I argue that meta-information enabling functional equivalence fundamentally challenges epistemologies reliant on a conscious subject to transform patterns into meaningful forms, as Raymond Ruyer (2024) exemplified. Demonstrating that specific internal states are unnecessary for particular cognitive functions compels a redefinition of what it means “to know,” accommodating diverse internal mechanisms that yield comparable external outcomes.
This essay establishes the concepts of meta-information and functional equivalence to challenge Ruyer’s consciousness-based epistemology. It proposes a redefinition of ‘knowing’ suited to diverse cognitive systems.
Foundations: Meta-Information, Training, and Functional Equivalence
Defining Meta-Information
“Meta-information” is a complex relational web created when raw information integrates into broader knowledge structures. Unlike contextual information, which merely situates data locally, meta-information emerges through intricate associations enabling predictions and inferences extending beyond individual elements. This emergence is analogous to Malaspina’s (2018, p. 90) exploration of how meaningful form arises from what she describes as a “point of highest tension” at the boundary between information and noise.
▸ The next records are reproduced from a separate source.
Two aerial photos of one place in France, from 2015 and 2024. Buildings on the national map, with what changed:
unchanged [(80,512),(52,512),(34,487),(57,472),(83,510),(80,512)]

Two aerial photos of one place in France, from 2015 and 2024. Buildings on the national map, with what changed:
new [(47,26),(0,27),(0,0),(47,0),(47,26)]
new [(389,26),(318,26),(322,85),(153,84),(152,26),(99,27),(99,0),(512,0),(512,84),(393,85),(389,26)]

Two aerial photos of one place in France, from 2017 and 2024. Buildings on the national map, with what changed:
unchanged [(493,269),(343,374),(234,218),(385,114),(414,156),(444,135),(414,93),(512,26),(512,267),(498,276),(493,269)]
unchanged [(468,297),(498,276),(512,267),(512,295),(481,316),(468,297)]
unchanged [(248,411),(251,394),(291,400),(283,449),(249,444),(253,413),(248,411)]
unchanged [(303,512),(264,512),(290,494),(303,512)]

Unlike traditional knowledge representation frameworks requiring explicit semantic encoding, meta-information exists implicitly in neural network weights or human memory’s associative pathways. Aligned with Simondon’s view (2020) of information as process rather than content, meta-information emerges dynamically - not as static representations but as ongoing structurations.
The “Training Dataset” Analogy
Humans and artificial systems develop distinct meta-informational structures through fundamentally different yet conceptually comparable learning processes. Human meta-information forms through lived experiences - cultural contexts, sensory interactions, and social learning - continuously shaping knowledge structures. This aligns with Stiegler’s analysis (2018) of how technological artefacts externalise memory, enabling the intergenerational accumulation and re-elaboration of knowledge.
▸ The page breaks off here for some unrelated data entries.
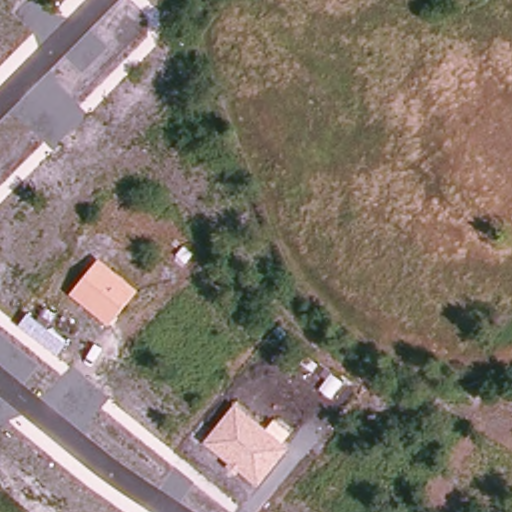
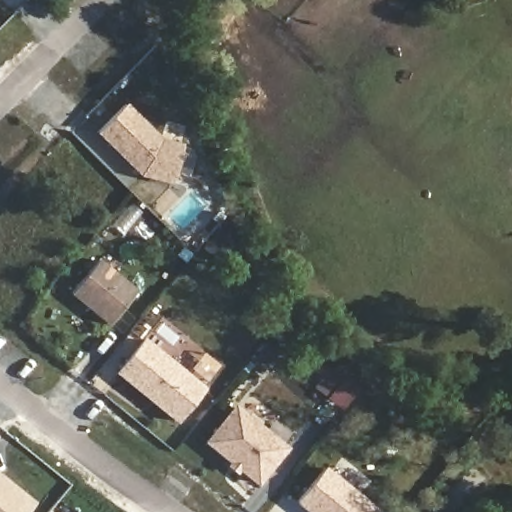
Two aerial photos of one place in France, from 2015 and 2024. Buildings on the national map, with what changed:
new [(120,106),(156,141),(177,148),(166,185),(135,178),(93,134),(120,106)]
unchanged [(109,326),(70,295),(99,259),(138,291),(109,326)]
new [(143,341),(202,389),(176,422),(156,406),(159,403),(135,384),(133,387),(116,373),(143,341)]
unchanged [(258,487),(204,443),(235,404),(290,449),(258,487)]
new [(322,469),(376,512),(308,512),(295,502),(322,469)]
new [(8,486),(33,505),(27,512),(0,512),(0,485),(5,490),(8,486)]

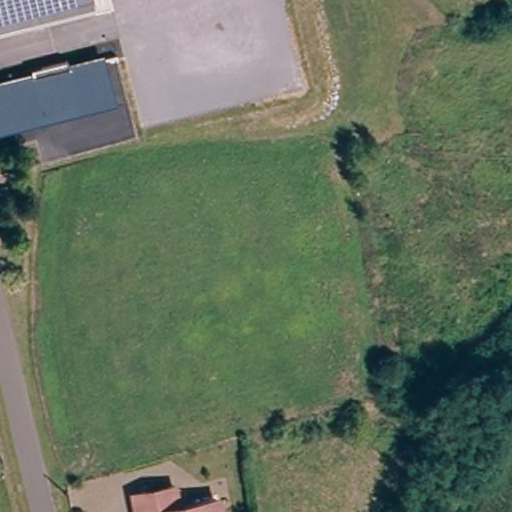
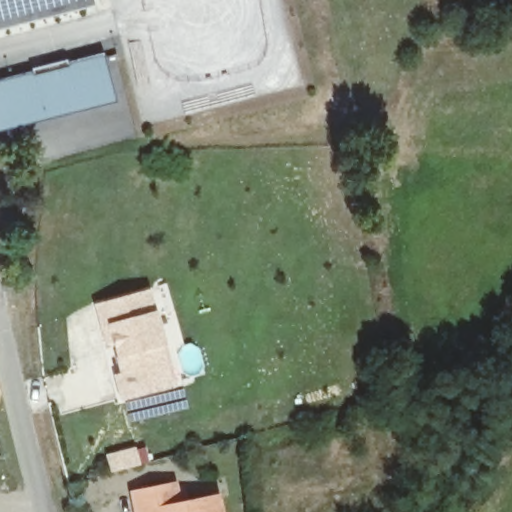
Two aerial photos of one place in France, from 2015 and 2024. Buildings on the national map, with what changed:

For AI, particularly LLMs, the training dataset comprises extensive textual corpora processed through algorithmic methods like backpropagation, which adjust connection weights to minimise prediction errors. Despite radically different acquisition methods, both processes yield individuated meta-informational structures capable of processing new inputs and generating meaningful outputs.
These divergent methods inevitably produce different internal representations. A human’s concept of a “chair” is multisensory, while an LLM’s representation might derive entirely from textual descriptions and contextual associations.
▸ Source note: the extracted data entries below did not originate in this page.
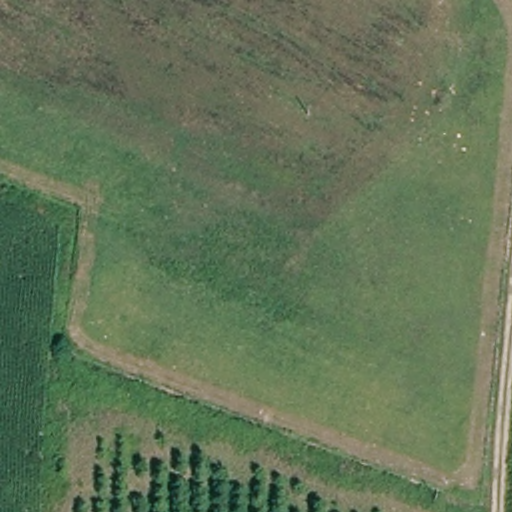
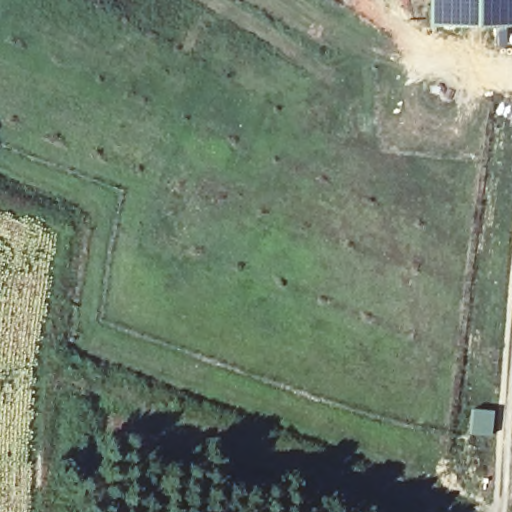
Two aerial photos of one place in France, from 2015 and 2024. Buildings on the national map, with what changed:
new [(430,24),(429,0),(512,0),(512,25),(430,24)]

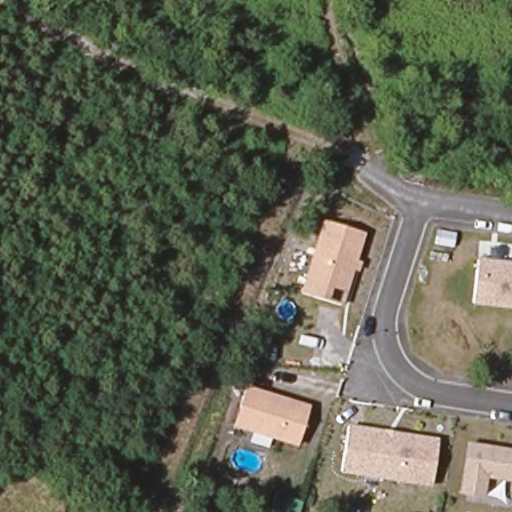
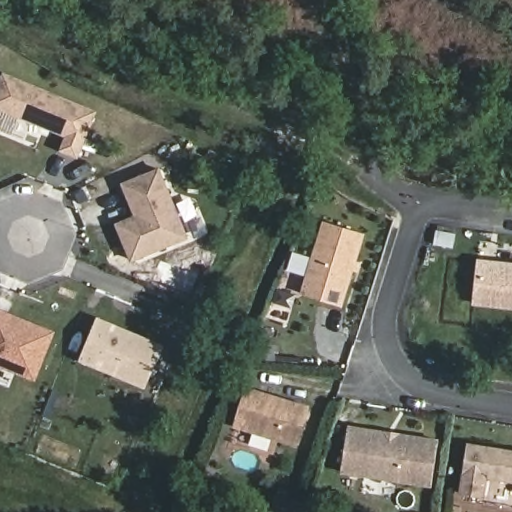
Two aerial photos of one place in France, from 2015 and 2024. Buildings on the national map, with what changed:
new [(59,151),(65,136),(0,110),(0,77),(2,71),(98,111),(78,159),(59,151)]
new [(131,263),(115,224),(135,216),(121,183),(160,166),(189,238),(131,263)]
unchanged [(358,260),(363,263),(359,274),(355,273),(344,307),(299,293),(323,219),(367,234),(358,260)]
unchanged [(472,305),(478,258),(512,262),(512,310),(472,305)]
new [(0,368),(0,308),(56,332),(36,383),(0,368)]
new [(146,389),(80,362),(97,317),(164,344),(146,389)]
unchanged [(299,449),(232,428),(244,385),(311,406),(299,449)]
unchanged [(341,474),(348,424),(439,439),(432,489),(341,474)]
unchanged [(488,478),(485,499),(458,497),(465,442),(512,449),(512,481),(488,478)]

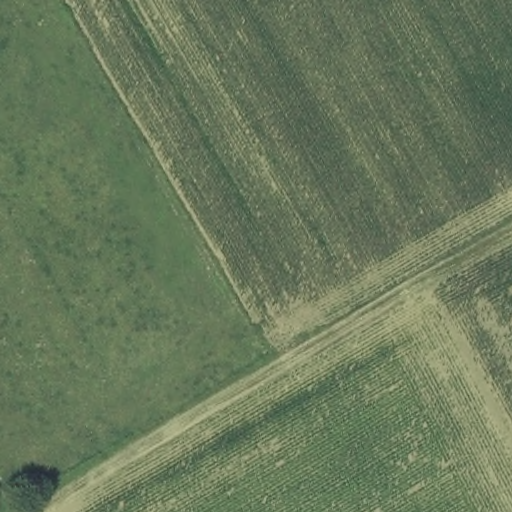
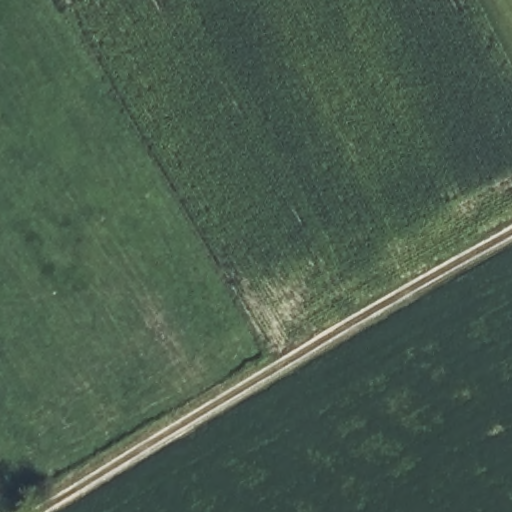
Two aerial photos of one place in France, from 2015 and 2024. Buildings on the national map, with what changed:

Defining Functional Equivalence
“Functional equivalence” means achieving similar observable outcomes despite different internal structures and processes. Two systems are functionally equivalent when they perform the same task comparably through distinct mechanisms or representations. Identical internal states are not required to achieve comparable outcomes.
Observable behaviours and adequacy of performance are emphasised. We evaluate cognitive tasks by their results rather than production methods. Functional equivalence aligns philosophically with pragmatism and functionalism, defining mental states by practical roles rather than internal constitution.
Thus, when we know something, we have integrated it into our existing knowledge structures such that our understanding demonstrates functional equivalence with relevant benchmarks.
The Turing Test as a Paradigm
The Turing Test proposes that if a machine’s responses are indistinguishable from a human’s, it demonstrates intelligence in that domain. Its philosophical significance lies in separating functional performance from underlying mechanisms.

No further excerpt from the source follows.